The data are located in directories mentioning the language combination used in the call. For instance uk_hu
is a call between a speaker speaking Ukrainian and a speaker speaking Hungarian while pt-BR_cs
is a call between a speaker of Brazillian Portuguese and a Czech speaker.
There are at least two speakers in each call directory. We also have a call between four speakers.
The order of the languages in the directory name is preferably chosen to reflect the volume spoken in the language with the more used languages coming first.
Within each directory, the following filenames and filename suffixes are used.
Note that some files can be missing, due to pending deidentification check, lack of resources for manual annotation, insufficient consents from the original speakers or accidental data loss.

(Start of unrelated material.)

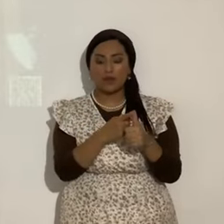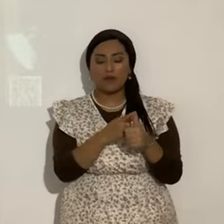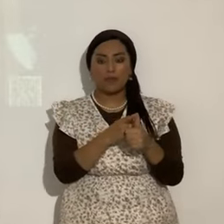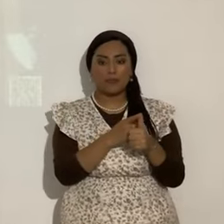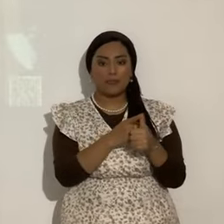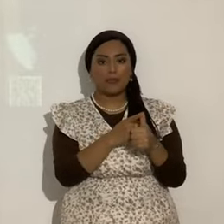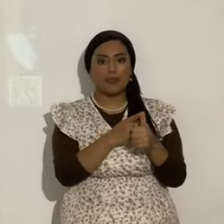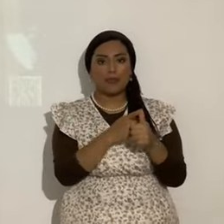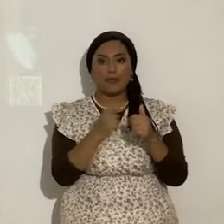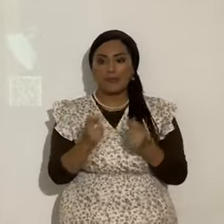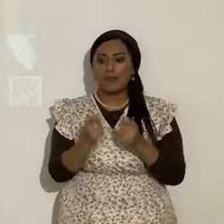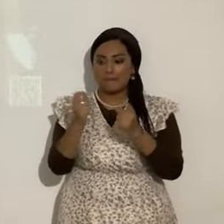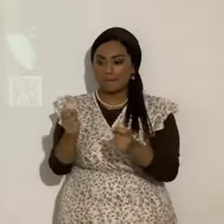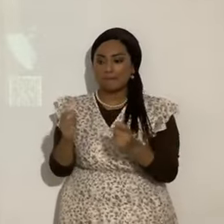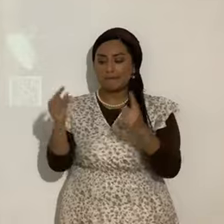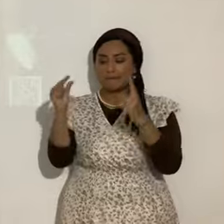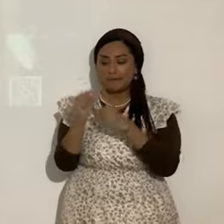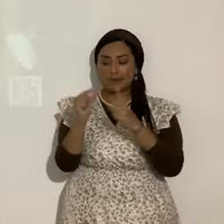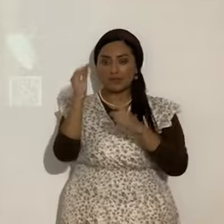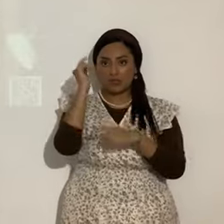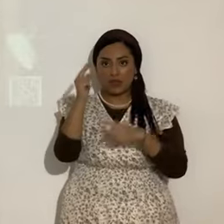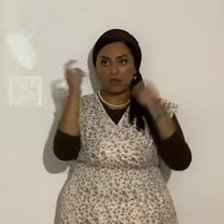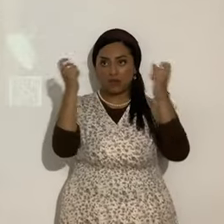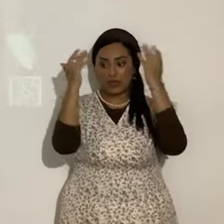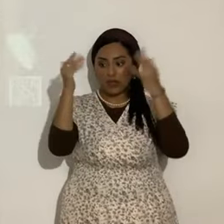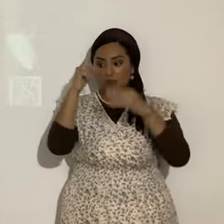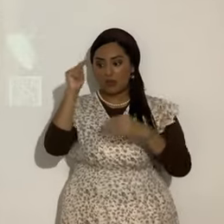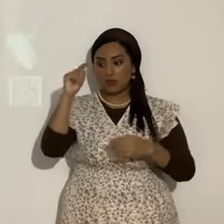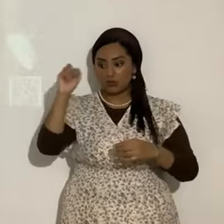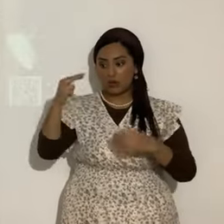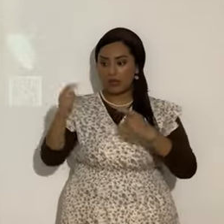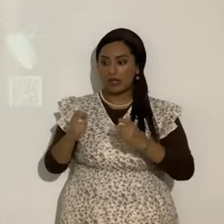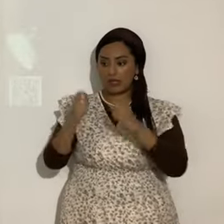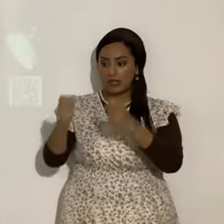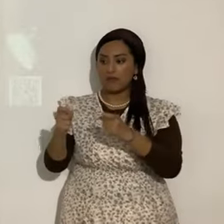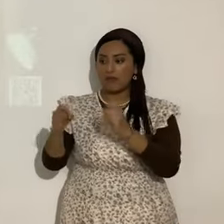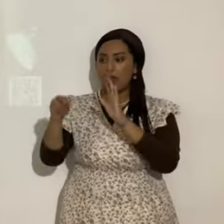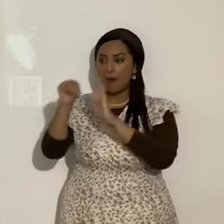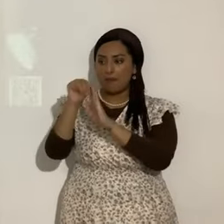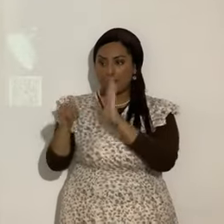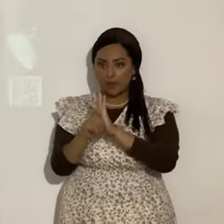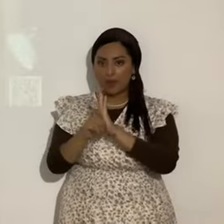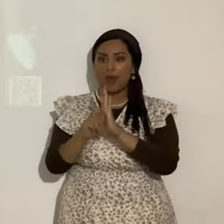confiada la palabra de Yahweh, aleluya, porque la Torah fue entregada a Moisés, al pueblo de Israel.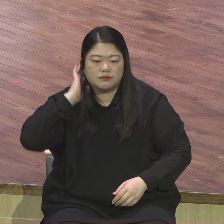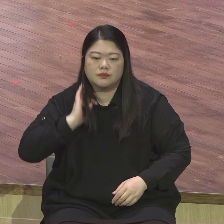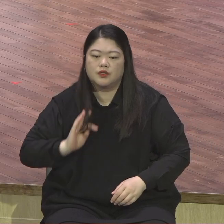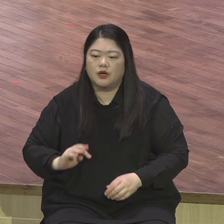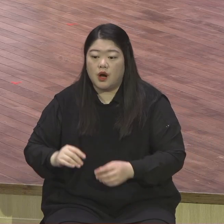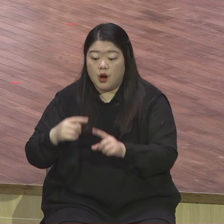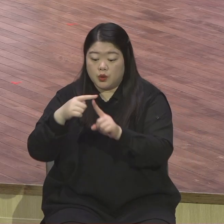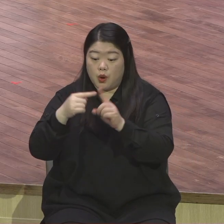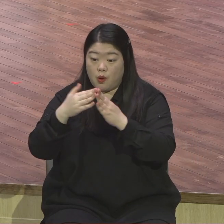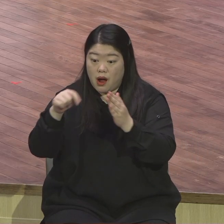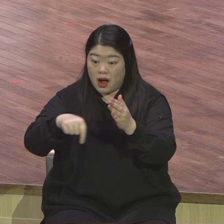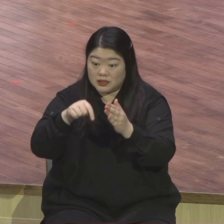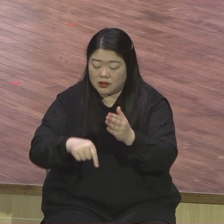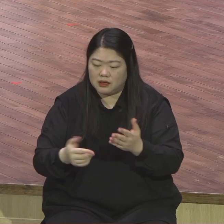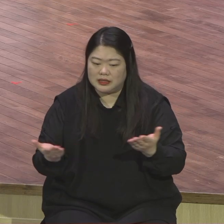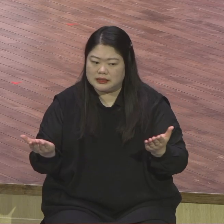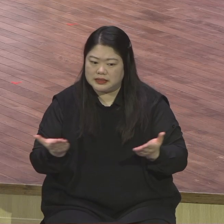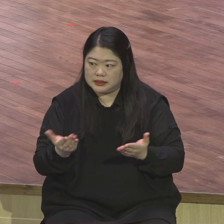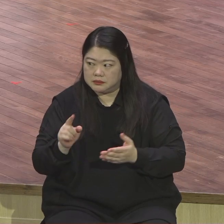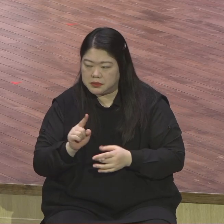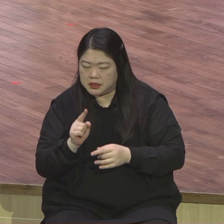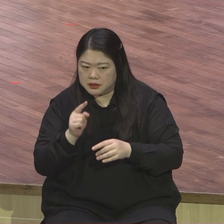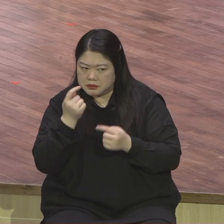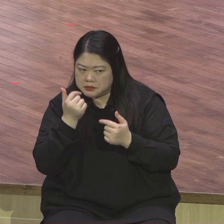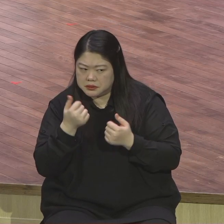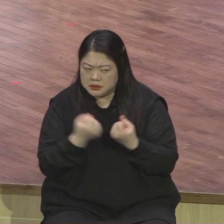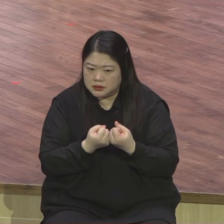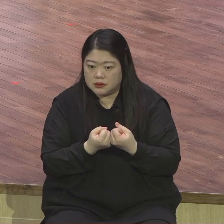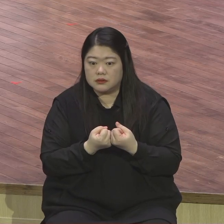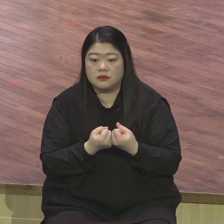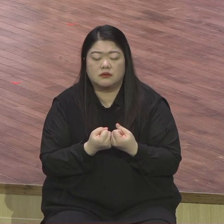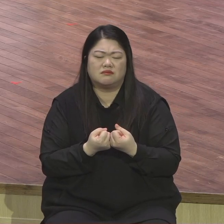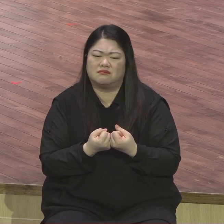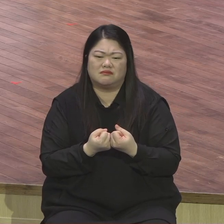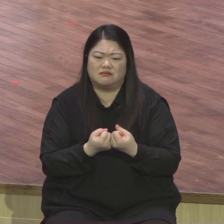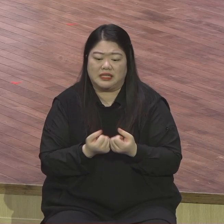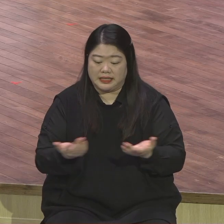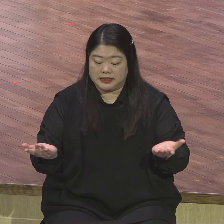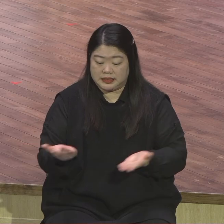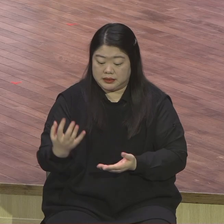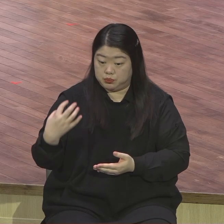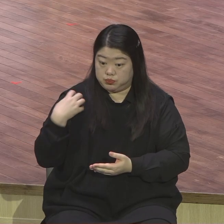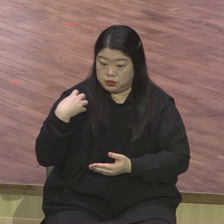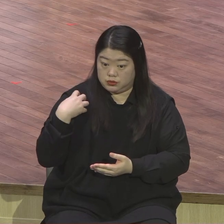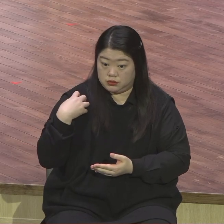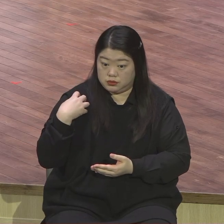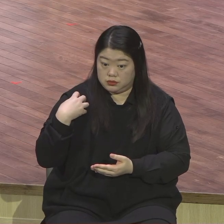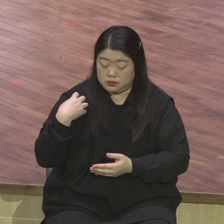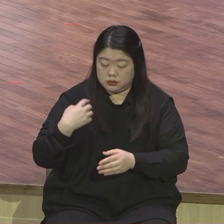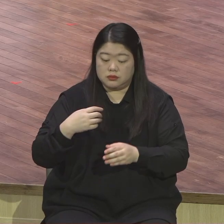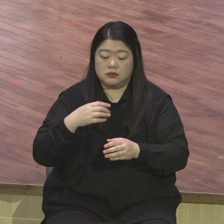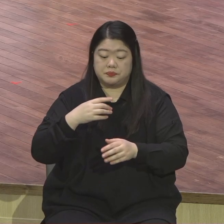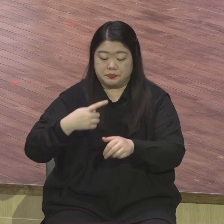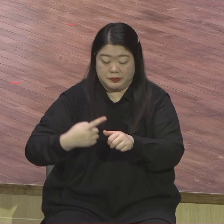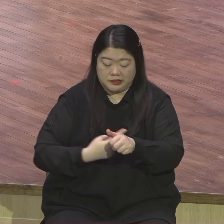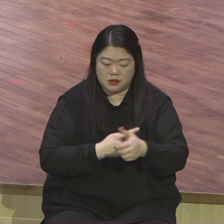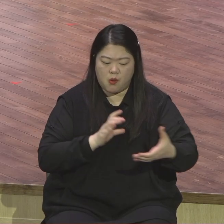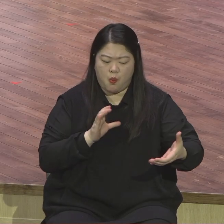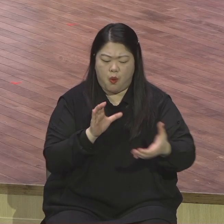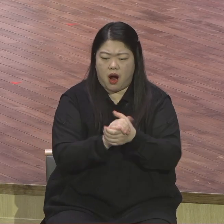아니에요 직분 화목하게 하는 것입니다 화목하게 하죠 화목하게 예수 그리도의 십자가 대속의

The speakers are identified using an initial. No two speakers of in the same call have the same initial. The same initial accross different calls does not mean the same speaker, of course.
In the example below, we use speaker A speaking primarily Armenian (language code hy
) and B speaking primarily Czech (cs
). Occasionally speakers use English, too, but that should only be an exception.
Audio files
A_hy.mp3 ... the sound of speaker A in mp3; with silence when speaker
B was speaking
B_cs.mp3 ... the corresponding sound of speaker B
A_hy-B_cs.mp3 ... rarely, the channels were joint into one track
Timestamped txt files
Transcripts and translations are timestamped (except a few cases where the timestamps could not be recovered easily) and follow this convention:
- 3 tab-delimited columns:
- columns 1-2: begining and end time of the segment, as decimal number in seconds
- column 3: text
- this format matches Audacity label track format, so these files can be opened and inspected in Audacity along the corresponding audio track
- whenever a file contains timestamps in this format, its name must end with
.tt.txt
The corpus contains these types of timestamped files:
A_hy_whisperASR.tt.txt ... fully automatic timestamped output of Whisper ASR
(in some directories, this is still called A_hy.txt)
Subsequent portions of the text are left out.